According to another report, the FBR learned about the incident after the assailants began causing environmental damage. On March 23, last year, a severe attack on the FBR’s data centre occurred, however it was unsuccessful. However, they were able to get into the system this time, they added.
The attacks occur as the government considers a law proposal that would grant access to the FBR’s database to the National Database Registration Authority (NADRA).
The FBR’s database is the world’s largest, containing information on trillions of rupee transactions, as well as details on citizens’ wealth, income, and expenditures. It also contains information on their different personal and corporate transactions, which are subject to various sorts of withholding taxes.

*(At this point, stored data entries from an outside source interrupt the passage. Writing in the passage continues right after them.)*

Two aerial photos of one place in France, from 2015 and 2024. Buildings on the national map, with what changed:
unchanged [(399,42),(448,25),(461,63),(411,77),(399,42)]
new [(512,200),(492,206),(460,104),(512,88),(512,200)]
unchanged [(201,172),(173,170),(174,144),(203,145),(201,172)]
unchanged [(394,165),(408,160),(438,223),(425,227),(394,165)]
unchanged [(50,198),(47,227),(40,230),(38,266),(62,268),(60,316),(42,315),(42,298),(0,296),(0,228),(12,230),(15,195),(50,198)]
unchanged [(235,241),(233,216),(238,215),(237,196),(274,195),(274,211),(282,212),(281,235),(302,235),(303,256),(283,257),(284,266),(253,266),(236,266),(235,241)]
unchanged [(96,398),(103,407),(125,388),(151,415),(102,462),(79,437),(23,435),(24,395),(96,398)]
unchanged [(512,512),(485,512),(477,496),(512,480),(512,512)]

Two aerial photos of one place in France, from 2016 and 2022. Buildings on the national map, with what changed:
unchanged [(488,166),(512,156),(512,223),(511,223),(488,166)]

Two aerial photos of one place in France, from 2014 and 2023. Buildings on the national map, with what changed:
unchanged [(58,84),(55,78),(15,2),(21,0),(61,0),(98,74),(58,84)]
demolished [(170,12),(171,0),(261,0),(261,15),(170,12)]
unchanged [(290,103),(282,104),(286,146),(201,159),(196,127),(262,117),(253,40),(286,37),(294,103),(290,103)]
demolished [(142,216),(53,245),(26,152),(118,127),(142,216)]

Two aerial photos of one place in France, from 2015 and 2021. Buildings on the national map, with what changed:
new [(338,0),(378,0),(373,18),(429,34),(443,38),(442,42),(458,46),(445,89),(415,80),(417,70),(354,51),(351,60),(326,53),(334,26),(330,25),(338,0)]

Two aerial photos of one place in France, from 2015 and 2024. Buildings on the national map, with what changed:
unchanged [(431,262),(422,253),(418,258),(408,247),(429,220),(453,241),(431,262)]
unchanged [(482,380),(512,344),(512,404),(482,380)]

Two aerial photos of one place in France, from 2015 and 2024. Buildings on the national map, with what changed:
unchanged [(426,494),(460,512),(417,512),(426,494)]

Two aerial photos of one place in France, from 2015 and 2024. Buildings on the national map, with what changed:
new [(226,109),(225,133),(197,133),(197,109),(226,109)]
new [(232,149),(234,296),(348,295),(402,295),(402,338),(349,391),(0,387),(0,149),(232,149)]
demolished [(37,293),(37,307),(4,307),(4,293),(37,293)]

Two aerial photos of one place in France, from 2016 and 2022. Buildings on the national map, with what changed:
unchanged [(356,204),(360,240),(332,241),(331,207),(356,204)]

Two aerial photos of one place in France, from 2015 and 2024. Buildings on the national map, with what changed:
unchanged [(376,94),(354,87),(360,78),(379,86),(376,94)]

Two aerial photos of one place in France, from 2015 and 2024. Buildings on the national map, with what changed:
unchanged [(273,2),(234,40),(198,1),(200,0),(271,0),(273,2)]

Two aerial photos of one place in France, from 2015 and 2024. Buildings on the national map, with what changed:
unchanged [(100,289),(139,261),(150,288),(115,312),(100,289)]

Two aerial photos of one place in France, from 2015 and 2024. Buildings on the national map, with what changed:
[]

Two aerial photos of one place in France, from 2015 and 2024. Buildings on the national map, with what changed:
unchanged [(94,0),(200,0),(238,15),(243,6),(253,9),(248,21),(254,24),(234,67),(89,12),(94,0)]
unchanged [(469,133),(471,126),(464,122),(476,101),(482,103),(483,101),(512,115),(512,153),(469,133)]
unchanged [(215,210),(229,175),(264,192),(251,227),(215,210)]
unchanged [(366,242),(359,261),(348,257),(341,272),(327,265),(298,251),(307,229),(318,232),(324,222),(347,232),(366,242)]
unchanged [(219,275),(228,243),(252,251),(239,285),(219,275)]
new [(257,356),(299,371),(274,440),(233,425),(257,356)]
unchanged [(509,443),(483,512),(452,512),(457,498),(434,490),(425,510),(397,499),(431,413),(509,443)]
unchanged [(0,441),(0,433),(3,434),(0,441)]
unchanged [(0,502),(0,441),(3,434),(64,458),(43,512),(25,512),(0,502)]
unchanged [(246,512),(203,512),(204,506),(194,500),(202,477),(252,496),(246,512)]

The FBR issued an internal alert after learning of the hack, saying it had “had a major cyberattack on our data centres.” All applications have been disabled and require assistance from all teams.”
The Pakistan Revenue Automation Limited (PRAL), the FBR’s technology and data backbone, is also down and compromised, according to the sources. As a technological business, PRAL was supposed to install firewalls to protect its data centre, but it did not do so diligently.
According to the reports, some board members are more interested in operational issues than policy ones, which has led in grouping with the organisation.
According to sources, there was a need to assign blame for the security system compromise. The FBR has also recently engaged a chief information officer to improve data usage and security, according to the sources. According to them, pressure is growing on Customs as a result of the seriousness of the attack.
Aside from other items, consignments of fresh vegetables and courier consignments are stopped up at border checkpoints. Due to a loss of connection to the data source, people are unable to use the Active Taxpayers List.